Приглашают в большое лондонское такси, они на нем приехали. Везут куда-то, крутясь по улочкам. Приехали на Даунинг-стрит. Все верно, мы привезли почту, которую переправили из Москвы. Сидим в приемной у премьер-министра. Вокруг неспокойно, постоянно открывается и закрывается входная дверь, входят многочисленные посыльные с пакетами. У секретарей завал, разбираются, что и куда. Самого Черчилля, похоже, нет. Вот он вошел в приемную с улицы, позволил секретарю снять с себя шинель. Черчилль в десантной форме, но без оружия, кобуры на поясе нет. Секретарь быстро и почти неслышно докладывает, Черчилль морщится и иногда кивает. Снял и передал белый шарф с шеи. Показал нам четверым на дверь в кабинет. Там темновато, не очень уютно, рассаживаемся по мягким кожаным креслам. Тут же секретари расставили большие пузатые рюмки и плеснули туда коньяку. Черчилль вначале довольно долго возился с сигарой, затем вскрыл пакет с письмами, который мы привезли. Не дочитал, отложил в сторону. Затем рассматривал доставленные нами снимки Каа-фьорда.
– Мы провели первую в этой войне совместную воздушную операцию, достаточно удачную, с нашей точки зрения. Но несмотря на успех там, его перечеркнули те неудачи, которые преследуют нашу армию и флот в других местах. Мы уже объявляли, что немцы прорвались из Бреста, и мы не смогли предпринять ничего эффективного против этого. Они высадились в Африке и оказывают серьезную поддержку итальянским войскам. И японцы продолжают наступление на Тихом океане. Теснят и нас, и наших американских друзей. К сожалению, оставлен важный опорный пункт нашей обороны – город и крепость Сингапур. С 8 декабря мы вынуждены вести войну на два фронта, через два дня после объявления нами войны Японии мы потеряли там линкор «Принц Уэльский». До этого – два авианосца и тяжелый крейсер. Это из тяжелых кораблей. Германия потеряла один линкор. На этом фоне постановка на длительный ремонт минимум трех, а в лучшем случае пяти крупных кораблей противника – это большой успех совместной операции. Чему вы улыбаетесь, генерал? – спросил меня Черчилль.

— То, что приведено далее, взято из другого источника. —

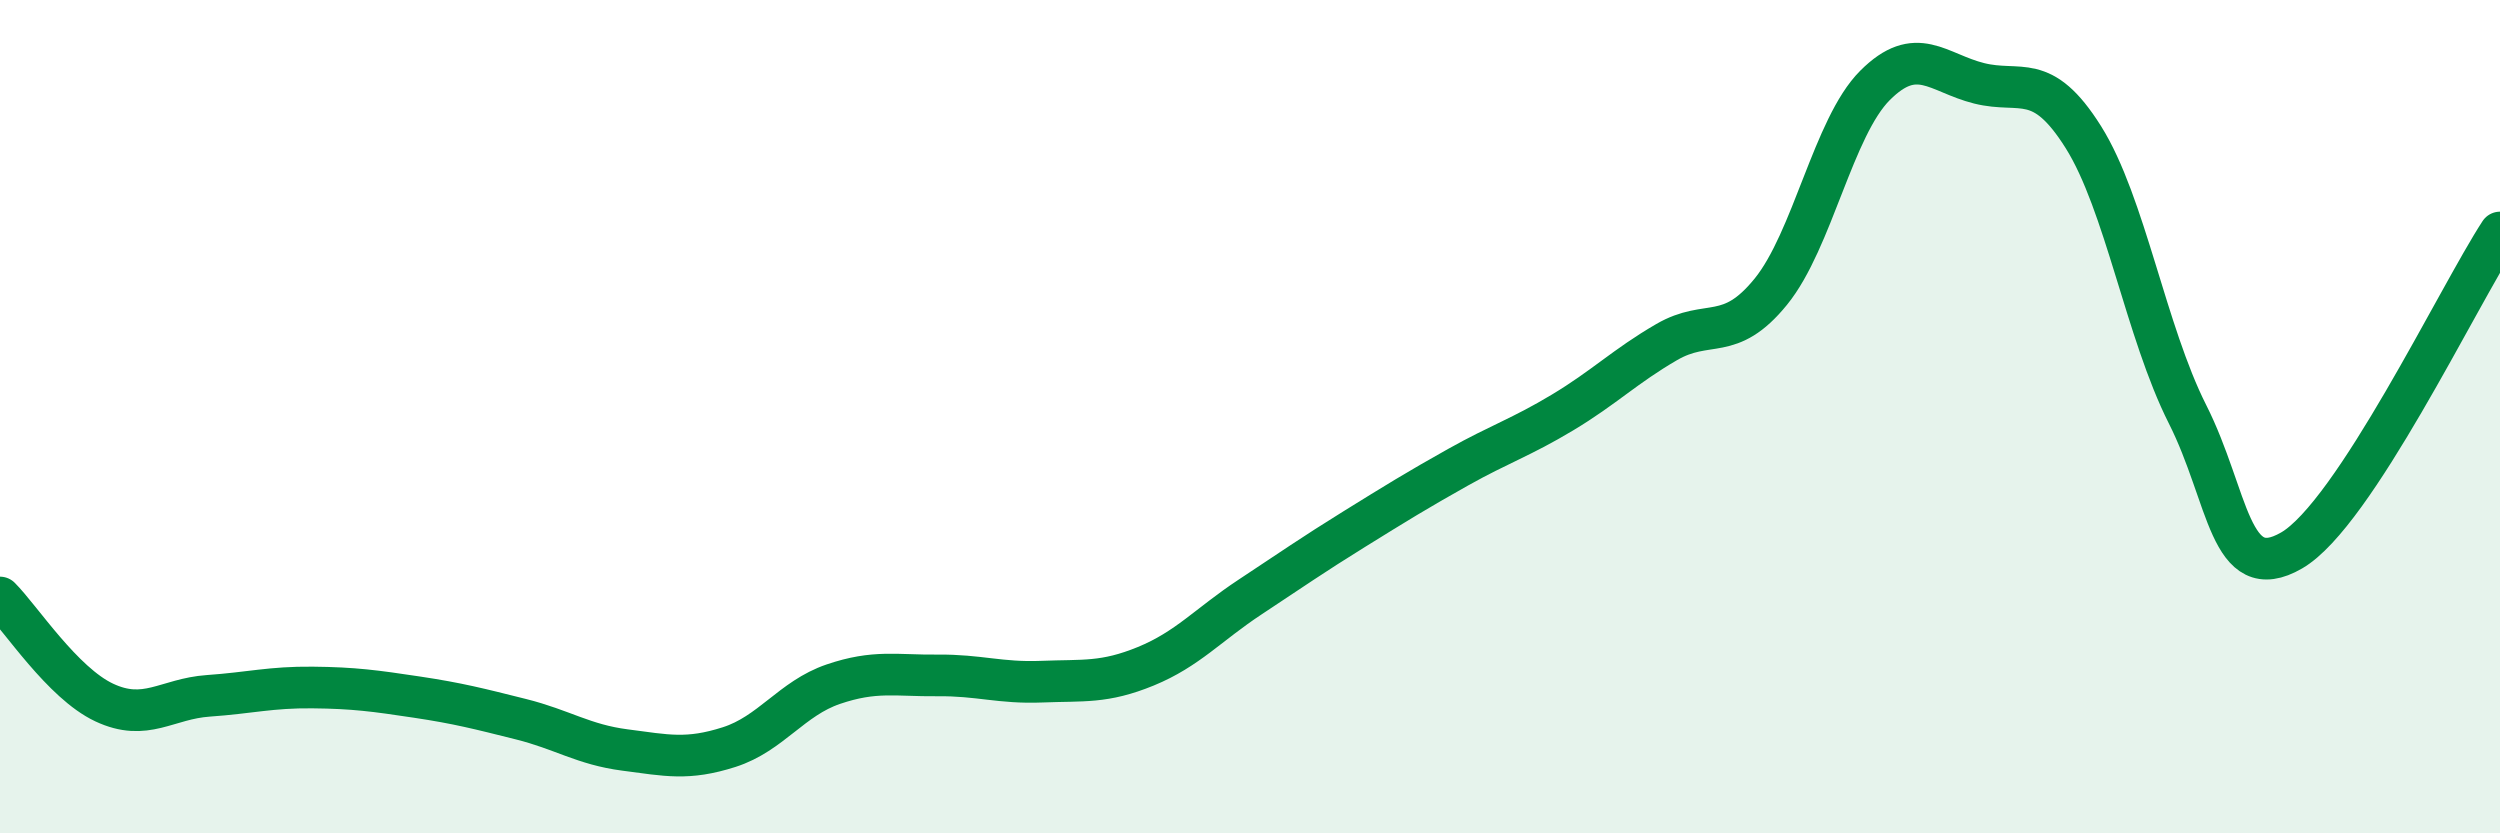 
    <svg width="60" height="20" viewBox="0 0 60 20" xmlns="http://www.w3.org/2000/svg">
      <path
        d="M 0,14.34 C 0.5,14.84 1.5,16.39 2.5,16.86 C 3.5,17.33 4,16.77 5,16.7 C 6,16.63 6.5,16.49 7.5,16.5 C 8.5,16.51 9,16.58 10,16.73 C 11,16.88 11.5,17.01 12.5,17.26 C 13.5,17.51 14,17.87 15,18 C 16,18.13 16.5,18.25 17.5,17.93 C 18.5,17.61 19,16.76 20,16.42 C 21,16.08 21.5,16.22 22.5,16.21 C 23.5,16.2 24,16.4 25,16.36 C 26,16.32 26.5,16.4 27.5,15.99 C 28.5,15.58 29,14.99 30,14.33 C 31,13.67 31.5,13.32 32.5,12.7 C 33.5,12.08 34,11.77 35,11.21 C 36,10.65 36.5,10.5 37.5,9.9 C 38.5,9.3 39,8.79 40,8.21 C 41,7.63 41.5,8.23 42.5,7 C 43.5,5.77 44,3.05 45,2.05 C 46,1.05 46.5,1.75 47.5,2 C 48.5,2.25 49,1.7 50,3.29 C 51,4.88 51.5,7.96 52.5,9.94 C 53.5,11.92 53.5,14.08 55,13.21 C 56.5,12.34 59,7.11 60,5.58L60 20L0 20Z"
        fill="#008740"
        opacity="0.1"
        stroke-linecap="round"
        stroke-linejoin="round"
      />
      <path
        d="M 0,14.34 C 0.5,14.84 1.5,16.39 2.5,16.86 C 3.5,17.33 4,16.77 5,16.7 C 6,16.63 6.5,16.49 7.5,16.5 C 8.5,16.51 9,16.58 10,16.73 C 11,16.88 11.5,17.01 12.5,17.26 C 13.5,17.51 14,17.87 15,18 C 16,18.13 16.5,18.25 17.5,17.93 C 18.5,17.61 19,16.76 20,16.42 C 21,16.08 21.5,16.22 22.5,16.21 C 23.5,16.2 24,16.4 25,16.36 C 26,16.32 26.5,16.4 27.5,15.99 C 28.5,15.58 29,14.99 30,14.33 C 31,13.67 31.5,13.32 32.5,12.7 C 33.5,12.08 34,11.77 35,11.21 C 36,10.65 36.5,10.5 37.5,9.9 C 38.5,9.3 39,8.79 40,8.21 C 41,7.63 41.5,8.23 42.5,7 C 43.5,5.77 44,3.05 45,2.05 C 46,1.05 46.5,1.75 47.5,2 C 48.5,2.25 49,1.7 50,3.29 C 51,4.88 51.5,7.96 52.5,9.94 C 53.5,11.92 53.5,14.08 55,13.21 C 56.5,12.34 59,7.11 60,5.58"
        stroke="#008740"
        stroke-width="1"
        fill="none"
        stroke-linecap="round"
        stroke-linejoin="round"
      />
    </svg>

– Планированию, господин премьер-министр. Планированию… У вас катастрофически не хватает самолетов в Юго-Восточной Азии, а только в составе моей армии числится сто семьдесят восемь «харрикейнов», которые мы не просили поставлять, не используем, они стоят на наших базовых аэродромах в качестве самолетов ПВО. А могли бы успеть поддержать тот же Сингапур или «Принца Уэльского». Я, как мог, оттягивал проведение операции в Альта-фьорде, но кто-то настоял на ее проведении. Моя армия потеряла тридцать семь самолетов, четырнадцать летчиков, одиннадцать стрелков и трех механиков. Более пятидесяти человек получили ранения. Это самые большие потери за все время войны в одном бою. Через несколько часов после этого нам с генералом Харрисом принесли сообщение о том, что первая атака на стоящий флот 23 декабря была удачной. С такой разведкой мы будем воевать до второго пришествия, господин премьер.
– Ну, я не совсем согласен с вами, генерал, России требовалось увеличить численный состав авиации, чтобы удержать противника, и «харрикейн» не такой уж и плохой самолет.
– Да, он отлично подошел бы для борьбы с «Тип-97», или Ki-27, как его называют у вас, которые составляют большую часть истребительной авиации сухопутных сил Японии. В итоге не дал бы возможности противнику безнаказанно дойти по суше до Сингапура. Да и двенадцать пулеметов на штурмовке – тоже неплохое оружие. Забирайте, тем более что мы их отремонтировали и сменили им двигатели на низковысотные.
– По нашим данным, японцы купили патент на Daimler-Benz DB.601A и начали выпускать новый Ki-61, что-то среднее между «макки» и «Мессершмиттом-Е» или «-F», – вставил Тэддер.
– С этими машинами «харрикейн» в состоянии бороться, особенно если учитывать физиологические особенности японцев.
– Причем здесь это?
– Еще в тридцать девятом на Халхин-Голе было отмечено, что бои с высокими перегрузками японцы однозначно проигрывают. Узкие глаза закрываются на перегрузках быстрее.